▶ _Exercise_: Look for "DIRECTION" in each line of the records, and copy the lines that have it.

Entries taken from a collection

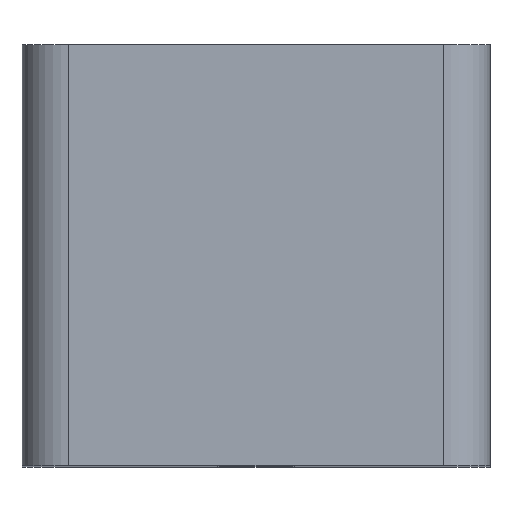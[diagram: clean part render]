
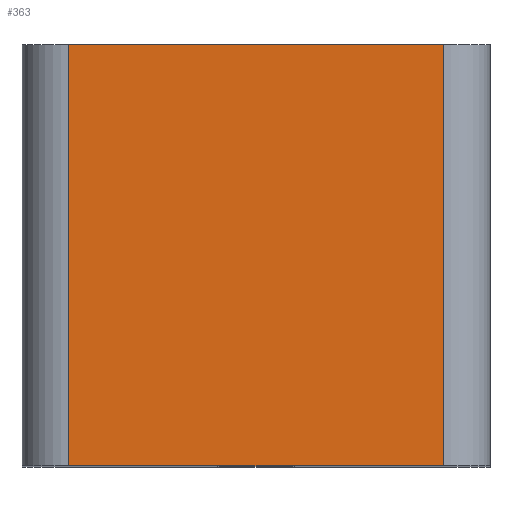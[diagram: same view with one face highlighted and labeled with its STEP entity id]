
A CAD part, top view. The second image highlights one B-rep face of the part: STEP entity #363.
In plain terms, the highlighted planar face has unit normal (0, 0, 1).
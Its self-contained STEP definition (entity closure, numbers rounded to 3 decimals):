
#42 = VECTOR ( 'NONE', #590, 1000. ) ;
#59 = DIRECTION ( 'NONE',  ( 0., 1., 0. ) ) ;
#90 = CARTESIAN_POINT ( 'NONE',  ( -10., 9., 19.8 ) ) ;
#113 = VERTEX_POINT ( 'NONE', #151 ) ;
#151 = CARTESIAN_POINT ( 'NONE',  ( -8., -9., 19.8 ) ) ;
#221 = PLANE ( 'NONE',  #270 ) ;
#224 = LINE ( 'NONE', #794, #42 ) ;
#258 = VERTEX_POINT ( 'NONE', #599 ) ;
#270 = AXIS2_PLACEMENT_3D ( 'NONE', #290, #543, #716 ) ;
#290 = CARTESIAN_POINT ( 'NONE',  ( 0., 0., 19.8 ) ) ;
#302 = ORIENTED_EDGE ( 'NONE', *, *, #683, .T. ) ;
#304 = EDGE_CURVE ( 'NONE', #562, #258, #517, .T. ) ;
#320 = VECTOR ( 'NONE', #604, 1000. ) ;
#345 = CARTESIAN_POINT ( 'NONE',  ( -8., 0., 19.8 ) ) ;
#363 = ADVANCED_FACE ( 'NONE', ( #482 ), #221, .T. ) ;
#427 = EDGE_LOOP ( 'NONE', ( #302, #474, #687, #457 ) ) ;
#457 = ORIENTED_EDGE ( 'NONE', *, *, #304, .T. ) ;
#474 = ORIENTED_EDGE ( 'NONE', *, *, #626, .T. ) ;
#482 = FACE_OUTER_BOUND ( 'NONE', #427, .T. ) ;
#499 = CARTESIAN_POINT ( 'NONE',  ( 8., -9., 19.8 ) ) ;
#517 = LINE ( 'NONE', #688, #766 ) ;
#539 = EDGE_CURVE ( 'NONE', #113, #562, #224, .T. ) ;
#543 = DIRECTION ( 'NONE',  ( 0., 0., 1. ) ) ;
#562 = VERTEX_POINT ( 'NONE', #499 ) ;
#590 = DIRECTION ( 'NONE',  ( 1., 0., 0. ) ) ;
#594 = CARTESIAN_POINT ( 'NONE',  ( -8., 9., 19.8 ) ) ;
#599 = CARTESIAN_POINT ( 'NONE',  ( 8., 9., 19.8 ) ) ;
#604 = DIRECTION ( 'NONE',  ( -1., 0., 0. ) ) ;
#626 = EDGE_CURVE ( 'NONE', #714, #113, #801, .T. ) ;
#646 = DIRECTION ( 'NONE',  ( 0., -1., 0. ) ) ;
#648 = VECTOR ( 'NONE', #646, 1000. ) ;
#683 = EDGE_CURVE ( 'NONE', #258, #714, #686, .T. ) ;
#686 = LINE ( 'NONE', #90, #320 ) ;
#687 = ORIENTED_EDGE ( 'NONE', *, *, #539, .T. ) ;
#688 = CARTESIAN_POINT ( 'NONE',  ( 8., 0., 19.8 ) ) ;
#714 = VERTEX_POINT ( 'NONE', #594 ) ;
#716 = DIRECTION ( 'NONE',  ( 1., 0., 0. ) ) ;
#766 = VECTOR ( 'NONE', #59, 1000. ) ;
#794 = CARTESIAN_POINT ( 'NONE',  ( -10., -9., 19.8 ) ) ;
#801 = LINE ( 'NONE', #345, #648 ) ;

▶ _Response box_:
#59 = DIRECTION ( 'NONE',  ( 0., 1., 0. ) ) ;
#543 = DIRECTION ( 'NONE',  ( 0., 0., 1. ) ) ;
#590 = DIRECTION ( 'NONE',  ( 1., 0., 0. ) ) ;
#604 = DIRECTION ( 'NONE',  ( -1., 0., 0. ) ) ;
#646 = DIRECTION ( 'NONE',  ( 0., -1., 0. ) ) ;
#716 = DIRECTION ( 'NONE',  ( 1., 0., 0. ) ) ;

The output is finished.